Em uma sociedade capitalista de massas, onde a construção é social, o cidadão se realiza ou se legitima no seu espaço social de produção - como produtor da riqueza. Portanto, a condição de liberdade se efetiva de forma coletiva e no espaço de produção social.
Por isso a democracia nos é tão cara - é a batalha da batalhas - onde devemos atuar de forma efetiva e determinada. Esta atuação pode se concretizar na convicção e no enfrentamento com várias nuances em uma batalha de longa duração.

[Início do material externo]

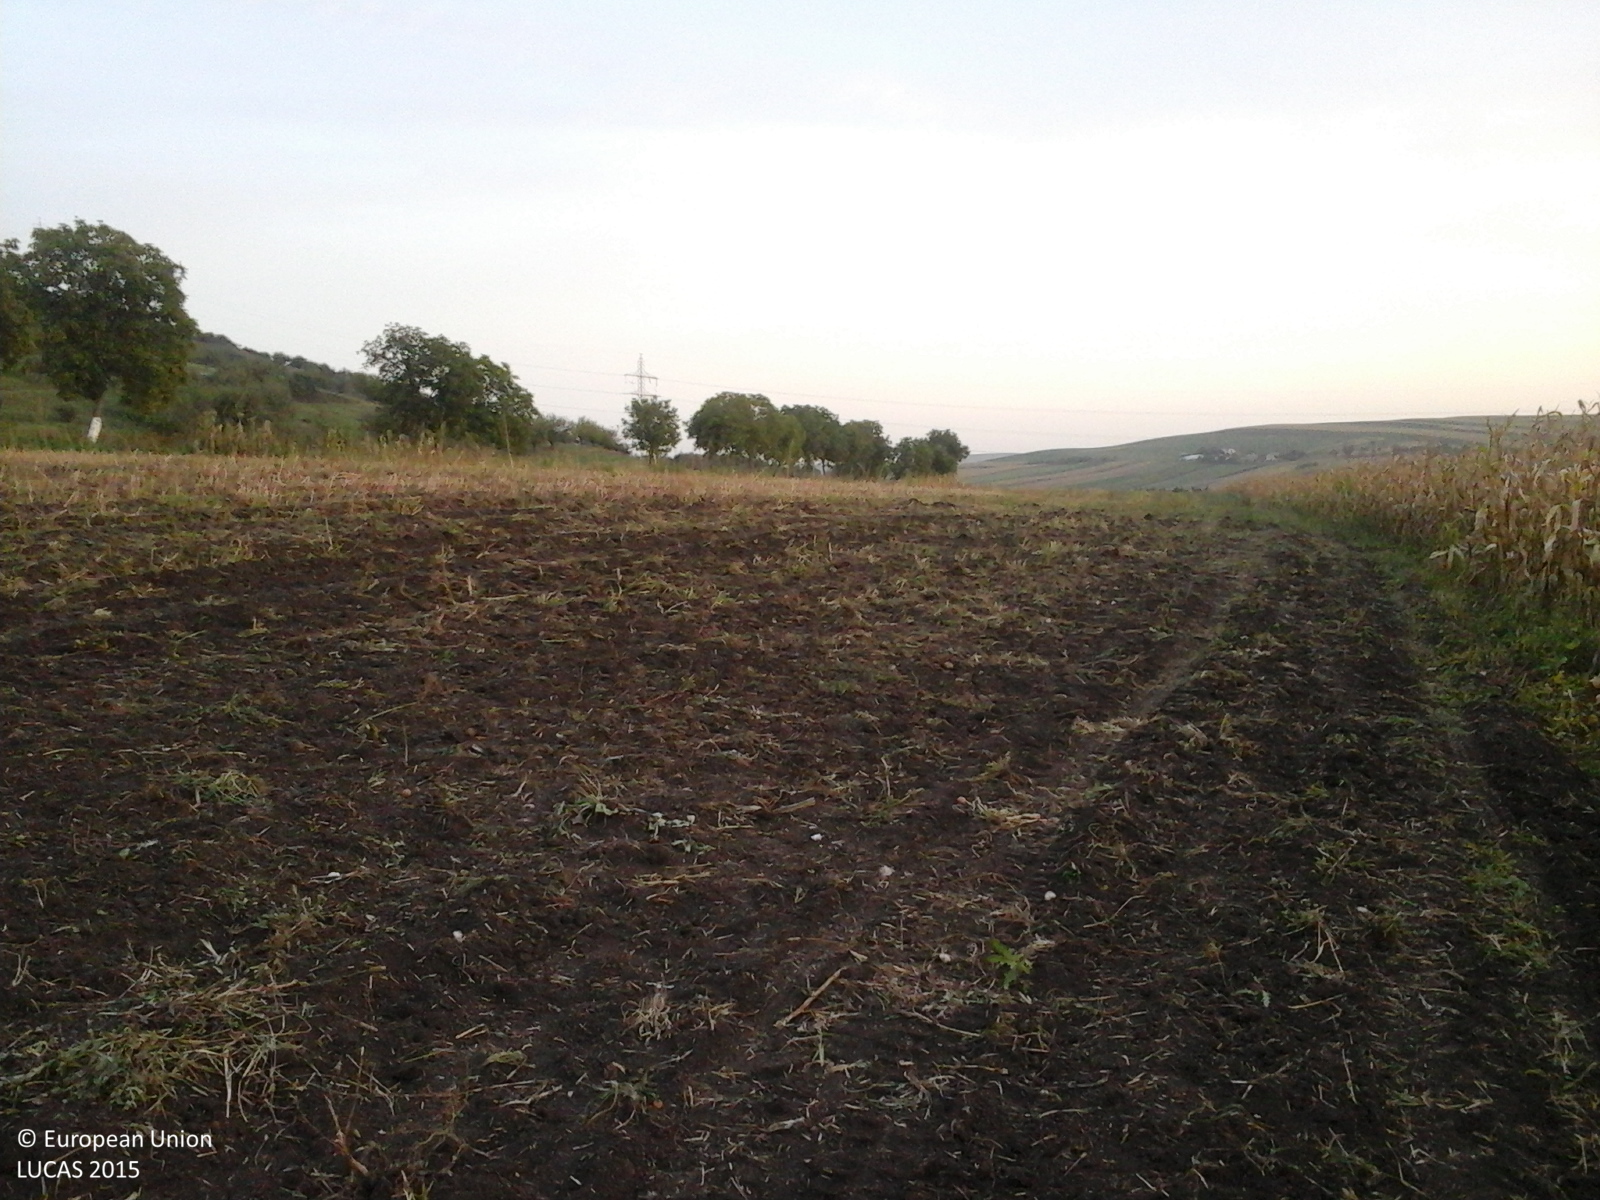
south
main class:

Internamente, abrindo caminhos para a consecução de grupos de fábricas e posteriormente comissões de fabricas conquistadas na luta. Externamente na luta pelo fim da demissão imotivada que fragiliza o contrato de trabalho e impõe a perversidade do capital.
Na luta institucional e no parlamento, a fim de que este processo avance com as possibilidades e os instrumentos que o estado dispõe.
A luta de ideias, fator preponderante para a luta pela hegemonia, só será enfrentada quando da garantia mínima da democracia. Não é possível disputar com o capital a consciência do trabalhador quando este é impedido de ter acesso a informações básicas do seu sindicato.
A consequência é a rendição do trabalhador à aparência de que há um reconhecimento do empresário em relação ao seu esforço e não uma luta desigual e fratricida pela parcela paga pelo seu labor.
Enfrentamos estas adversidades em momentos onde prevalecia a ausente inclusive da democracia formal - eleitoral, cruzamos um momento onde o capital se fortaleceu e nos colocou na defensiva, e ainda vivemos um período de resistência ativa onde algumas pautas já se apresentam como possíveis - como a legalização das centrais sindicais.
As grandes pautas da democracia qual seja a democracia real necessita de afirmação, e não será dádiva do capital, será construída como uma necessidade da classe operaria e do povo para a garantia e ampliação de suas conquistas e a construção de uma sociedade mais justa.
É bem verdade que nesse contexto de globalização a flexibilização exprime muitos aspectos negativos. Diante desta questão subjacente; é possível afirmar que a ausência de estabilidade é um dos aspectos mais cruéis. Representa mais uma manobra ardil do grande capital, que ao suprimir os direitos do trabalhador se fortalece cada vez mais.
Contudo, embora essa força esmagadora, que tolhe todos os direitos essenciais dos obreiros, deflagrando insegurança, terror, ferida e medo pareça imbatível, não podemos cruzar os braços e ser condescendentes, pois as conquistas surgem para aqueles que sofrem; para aqueles que se machucam e precipuamente para os que não sucumbem diante dos obstáculos e tentam sempre.